── DATA SHOWN

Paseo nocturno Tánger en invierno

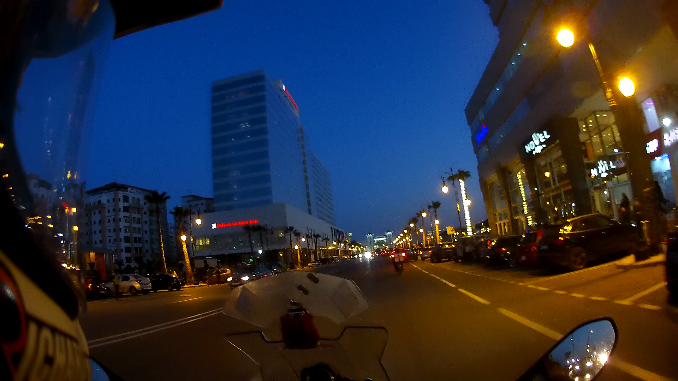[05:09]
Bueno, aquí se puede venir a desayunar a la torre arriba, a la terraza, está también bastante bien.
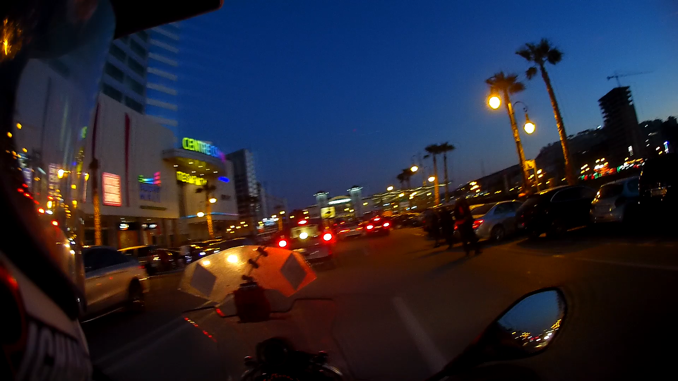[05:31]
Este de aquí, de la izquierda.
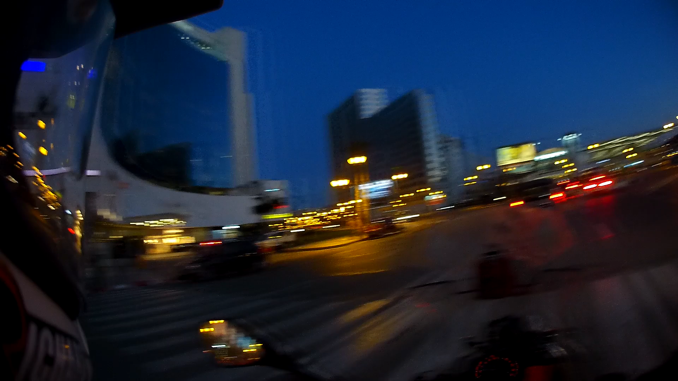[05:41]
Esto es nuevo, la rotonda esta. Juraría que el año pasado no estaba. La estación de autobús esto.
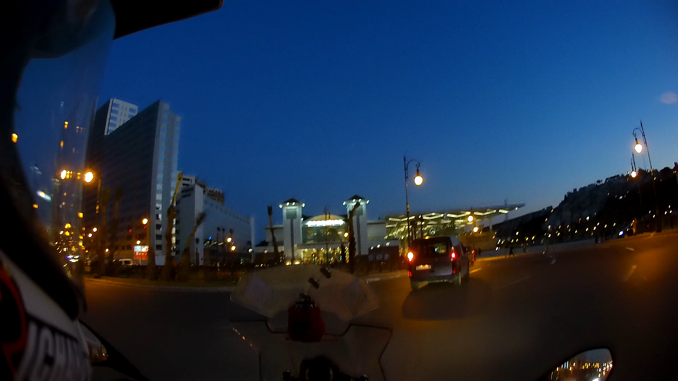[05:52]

────
── DATA SHOWN

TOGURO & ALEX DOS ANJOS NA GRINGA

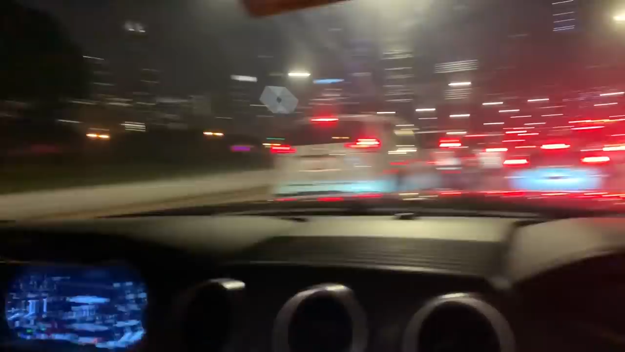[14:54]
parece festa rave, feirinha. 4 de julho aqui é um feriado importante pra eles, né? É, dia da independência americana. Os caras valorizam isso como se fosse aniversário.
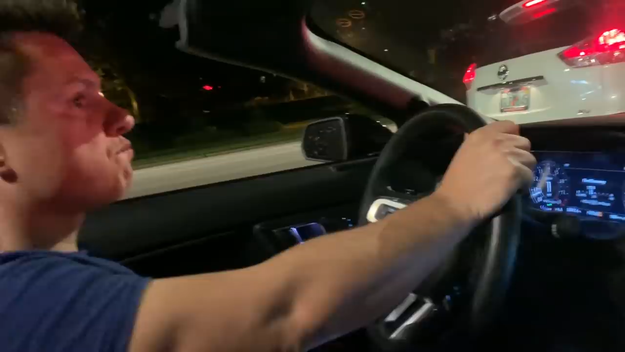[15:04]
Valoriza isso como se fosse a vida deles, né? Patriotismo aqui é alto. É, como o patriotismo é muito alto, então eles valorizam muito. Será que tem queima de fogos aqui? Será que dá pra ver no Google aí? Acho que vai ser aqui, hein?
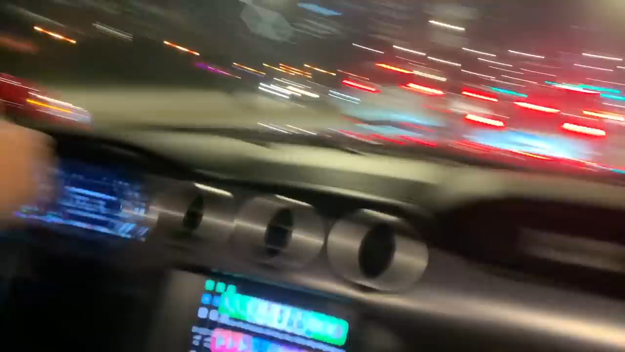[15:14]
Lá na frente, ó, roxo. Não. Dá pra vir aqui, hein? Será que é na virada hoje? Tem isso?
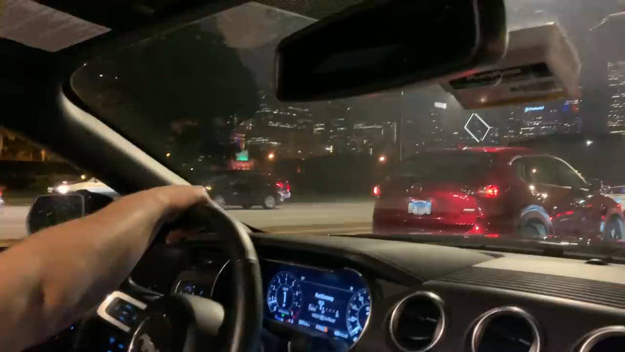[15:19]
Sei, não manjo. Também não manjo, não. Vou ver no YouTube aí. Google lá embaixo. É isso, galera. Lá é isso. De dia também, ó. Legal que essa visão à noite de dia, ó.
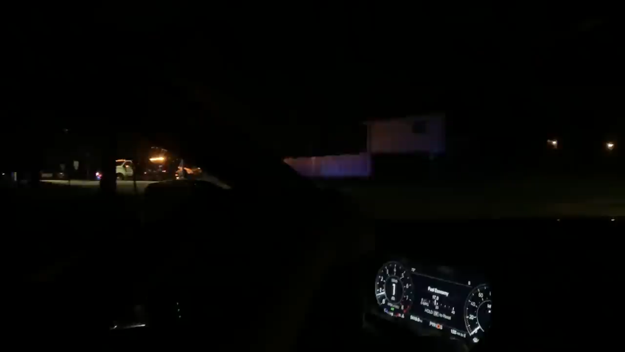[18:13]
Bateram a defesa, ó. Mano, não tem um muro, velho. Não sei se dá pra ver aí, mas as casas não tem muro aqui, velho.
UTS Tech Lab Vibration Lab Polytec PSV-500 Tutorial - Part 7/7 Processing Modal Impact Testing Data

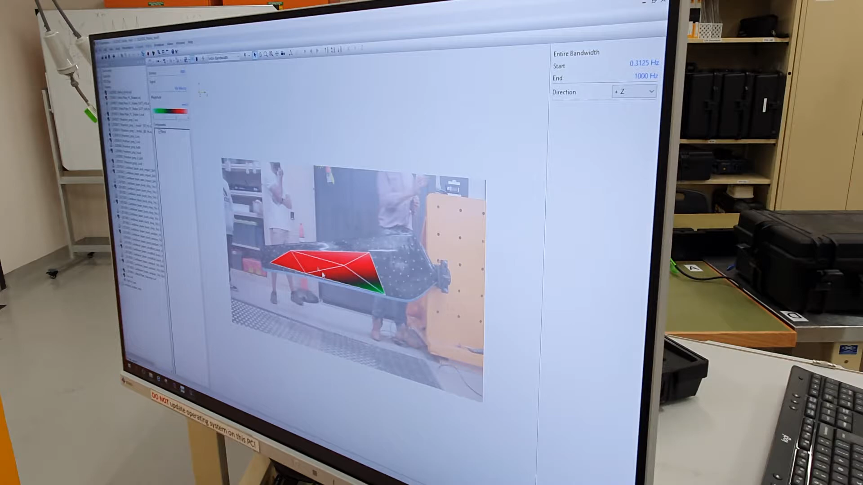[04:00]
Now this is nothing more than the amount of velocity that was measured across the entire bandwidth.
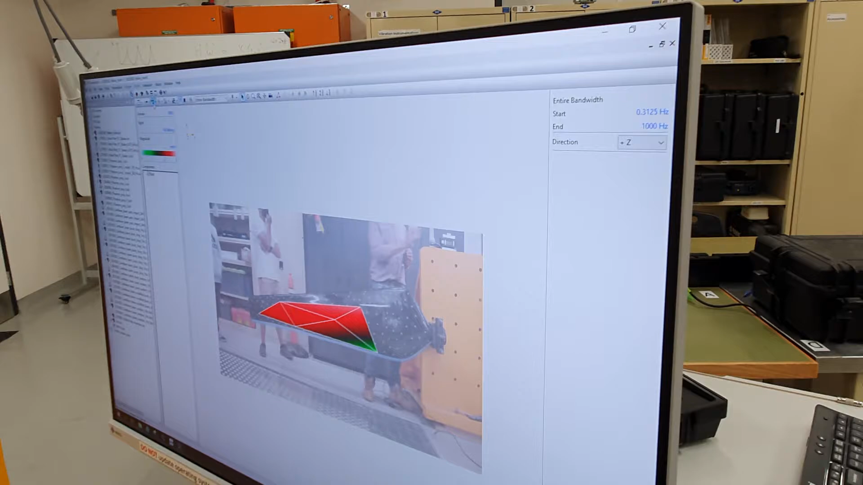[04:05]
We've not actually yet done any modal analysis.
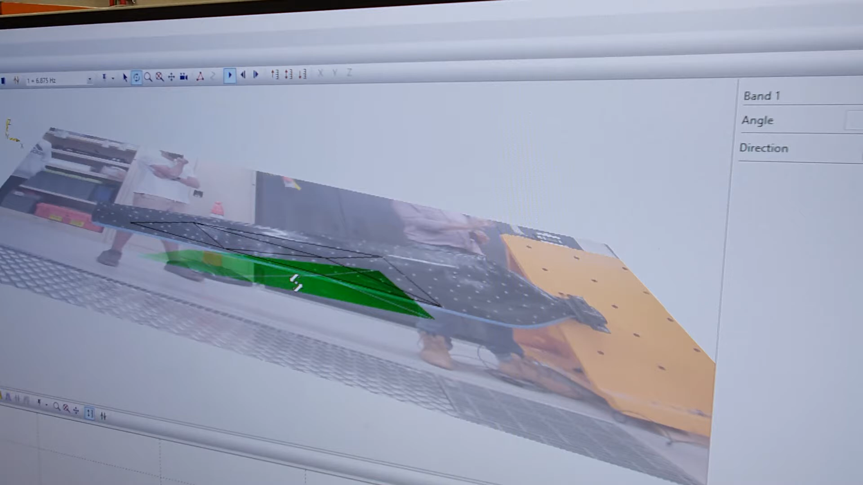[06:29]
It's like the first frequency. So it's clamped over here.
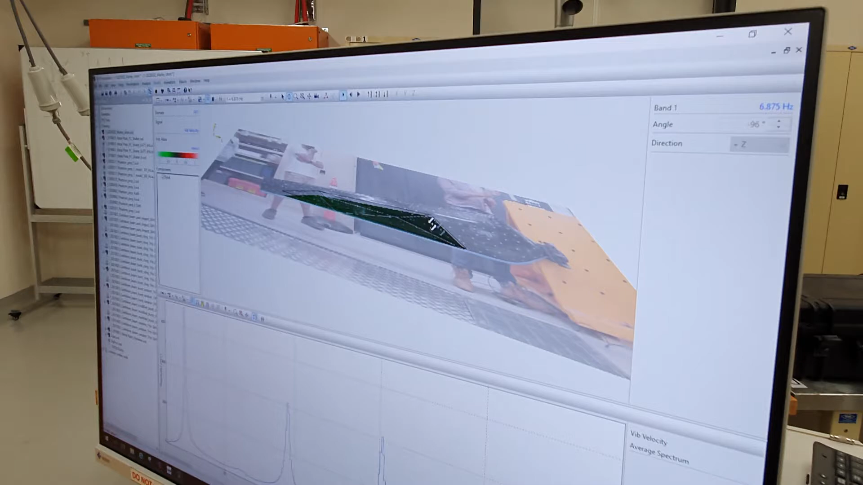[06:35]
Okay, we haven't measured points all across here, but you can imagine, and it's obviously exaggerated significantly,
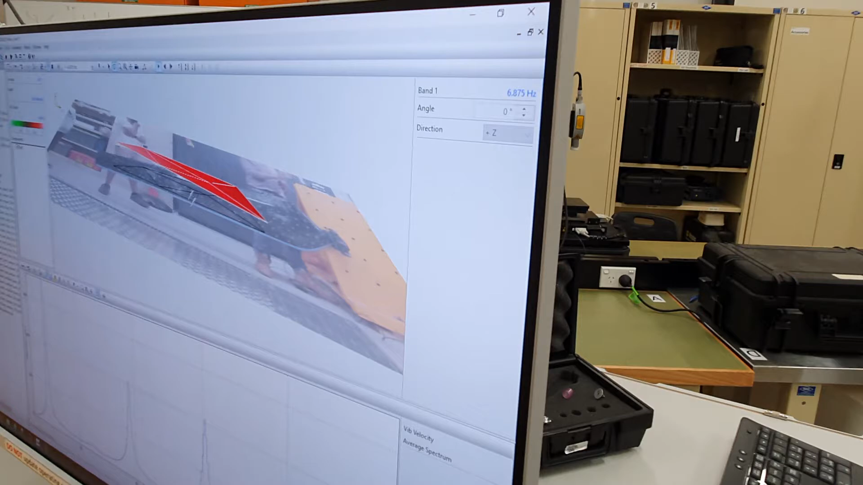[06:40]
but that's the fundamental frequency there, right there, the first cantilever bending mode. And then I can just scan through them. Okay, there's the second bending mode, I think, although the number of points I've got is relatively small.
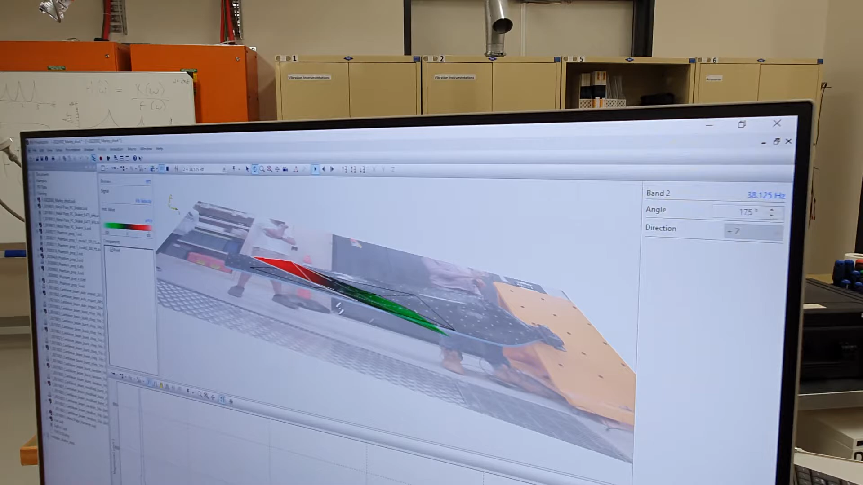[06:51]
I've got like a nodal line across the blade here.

────
── DATA SHOWN

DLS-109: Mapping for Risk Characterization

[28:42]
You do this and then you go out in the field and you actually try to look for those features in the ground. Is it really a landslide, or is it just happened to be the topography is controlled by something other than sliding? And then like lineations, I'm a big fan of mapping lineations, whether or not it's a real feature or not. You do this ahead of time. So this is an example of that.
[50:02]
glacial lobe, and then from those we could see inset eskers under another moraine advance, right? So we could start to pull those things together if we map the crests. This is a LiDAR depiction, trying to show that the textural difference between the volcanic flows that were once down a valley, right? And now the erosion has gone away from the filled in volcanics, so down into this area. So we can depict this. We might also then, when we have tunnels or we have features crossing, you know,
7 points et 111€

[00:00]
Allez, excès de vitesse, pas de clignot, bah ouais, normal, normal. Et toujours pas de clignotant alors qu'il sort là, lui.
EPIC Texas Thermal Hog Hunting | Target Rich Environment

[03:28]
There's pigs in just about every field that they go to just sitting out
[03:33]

────

# [WHAT IS REQUIRED]
Restate word for word the entries above from the line with "DLS-109: Mapping for Risk Characterization" through the line with "7 points et 111€", inclusive, leaving out everything else.

# [RESPONSE TO THIS TASK]
DLS-109: Mapping for Risk Characterization

[28:42]
You do this and then you go out in the field and you actually try to look for those features in the ground. Is it really a landslide, or is it just happened to be the topography is controlled by something other than sliding? And then like lineations, I'm a big fan of mapping lineations, whether or not it's a real feature or not. You do this ahead of time. So this is an example of that.
[50:02]
glacial lobe, and then from those we could see inset eskers under another moraine advance, right? So we could start to pull those things together if we map the crests. This is a LiDAR depiction, trying to show that the textural difference between the volcanic flows that were once down a valley, right? And now the erosion has gone away from the filled in volcanics, so down into this area. So we can depict this. We might also then, when we have tunnels or we have features crossing, you know,
7 points et 111€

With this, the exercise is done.